When another user asked whether any of Thief had inspired Ankh-Morpork, Pratchett was a touch more sarcastic. “Well, sure. From now on I’ll definitely set my books in a quasi-medieval city with anachronistic modern touches, like a police force, and I’ll definitely have these guys who wear black and sneak around the rooftops)”. That said, Pratchett makes minor nods to Thief in some later Discworld novels, such as Night Watch. In July 2002, months before the book’s launch, Pratchett mentions a “moment” that is “only a reference for taffers” (a slang insult used by Thief’s guards). “A corridor, one lamp out, barely any shadow … you’ll see,” he teases.

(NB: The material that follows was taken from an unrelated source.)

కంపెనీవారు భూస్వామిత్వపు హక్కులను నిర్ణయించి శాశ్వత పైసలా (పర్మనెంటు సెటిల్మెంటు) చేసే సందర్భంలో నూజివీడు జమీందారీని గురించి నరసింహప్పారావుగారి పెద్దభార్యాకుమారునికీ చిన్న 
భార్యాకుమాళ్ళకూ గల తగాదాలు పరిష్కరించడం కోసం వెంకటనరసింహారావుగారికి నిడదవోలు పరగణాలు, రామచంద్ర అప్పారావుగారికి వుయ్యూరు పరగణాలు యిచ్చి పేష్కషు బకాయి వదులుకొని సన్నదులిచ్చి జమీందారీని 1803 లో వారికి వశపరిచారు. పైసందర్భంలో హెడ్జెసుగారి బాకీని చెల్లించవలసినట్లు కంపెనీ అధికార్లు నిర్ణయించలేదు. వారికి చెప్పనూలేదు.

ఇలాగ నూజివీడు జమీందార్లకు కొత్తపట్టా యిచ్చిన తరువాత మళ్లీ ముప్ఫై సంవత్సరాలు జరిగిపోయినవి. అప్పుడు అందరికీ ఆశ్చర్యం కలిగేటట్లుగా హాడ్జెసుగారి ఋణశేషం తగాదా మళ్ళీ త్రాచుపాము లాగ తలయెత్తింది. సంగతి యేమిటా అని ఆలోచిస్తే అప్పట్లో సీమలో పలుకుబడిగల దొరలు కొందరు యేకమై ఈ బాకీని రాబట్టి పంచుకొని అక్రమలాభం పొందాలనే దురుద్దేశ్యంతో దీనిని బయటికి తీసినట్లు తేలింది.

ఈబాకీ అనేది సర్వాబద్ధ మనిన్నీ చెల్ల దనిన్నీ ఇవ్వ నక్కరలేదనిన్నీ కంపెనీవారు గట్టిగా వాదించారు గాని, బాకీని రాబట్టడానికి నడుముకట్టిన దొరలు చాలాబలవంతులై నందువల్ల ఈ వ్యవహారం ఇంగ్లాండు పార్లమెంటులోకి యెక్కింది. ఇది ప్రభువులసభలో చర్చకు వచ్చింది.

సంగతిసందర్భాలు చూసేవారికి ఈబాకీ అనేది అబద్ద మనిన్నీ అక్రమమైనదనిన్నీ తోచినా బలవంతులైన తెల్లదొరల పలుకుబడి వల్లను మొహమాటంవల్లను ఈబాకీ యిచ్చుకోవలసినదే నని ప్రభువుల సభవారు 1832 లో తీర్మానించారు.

Thief II was Pratchett’s first experience with the series, and his favourite. He called The Dark Project “Tomb Raider with edged weapons”. The third game, Deadly Shadows, didn’t come out until 2004. “I sure hope T3 takes after T2,” he wrote in December 2001. “The ‘genius’ of the Thief world is in levels like The Bank, or Life of the Party – proper honest thieving.” Deadly Shadows didn’t quite live up to Pratchett’s expectations, but he praised the game’s most famous mission – Robbing the Cradle – for its intense atmosphere and cunning use of horror. “I’ve always said I play Thief for the immersion, but on that one I came closer to drowning,” he wrote about the infamous orphanage-turned-insane-asylum. “Insofar as it does exactly the job it sets out to do, this is a wonderful level.”
Outside Thief II, Pratchett’s favourite Thief experiences were delivered by Fan Missions, or FMs. Thief has a small but dedicated community which, over the years, has created hundreds of custom maps for the game. Many of these are enormously ambitious, and Pratchett frequently praises the talent on show in FMs such as Durant, Lord Alan’s Fortress, and Calendra’s Legacy. “I can’t help being amazed again at the quality of so many FMs.” he wrote in July 2003. “I recently played through T2, and some original missions paled by comparison.”
Pratchett continued posting until the end of 2006. By this point, he’d been introduced to Elder Scrolls IV: Oblivion, a fantasy RPG that featured stealth systems similar to Thief, but in a much larger world to explore. Ironically, it was a user of the Thief forums who put Pratchett on to Oblivion. In April 2006, Mika Latokartano asked Pratchett: “Have you tried Oblivion yet?”, to which he responded: “No, but it’s now been ordered.” Two days later, Pratchett posted again, writing “Aaargh! What have you done to me? Bought the game on your recommendation, and now I see my life slipping away.”
Pratchett’s posts on the alt.games Thief forum are a unique record. Not only do they evidence in detail an artist’s heartfelt affection for another type of art, they also represent a mode of interaction between a creator and fans that is far less viable in the age of mass social media. Geelan, who around this time also frequented a cyberpunk forum visited by William Gibson, notes that “authors could react more directly with the few hundred or couple of thousand people who might have been on a web forum or usenet group in the mid 90s, than with the millions or tens of millions who would want that contact now.”
On the alt.games newsgroup, Pratchett may have been posting as a famous writer, but he was also posting as a fan, with all the unabashed enthusiasm, obsession with minor details, and debates that entailed. Thief established common ground between him and the rest of the community, allowing them to talk on level terms, and share in the devious delights the game offered. Nothing demonstrates this better than a post he made in June 2002, titled “Back in the dark”. “Brothers and sisters, I hay-ave sinned,” Pratchett began. “I forsook the true path, and took the way of Medal of Honour, Return to Castle Wolfenstein and even of Alien v. Predator 2, for the new games machine here was top of the line.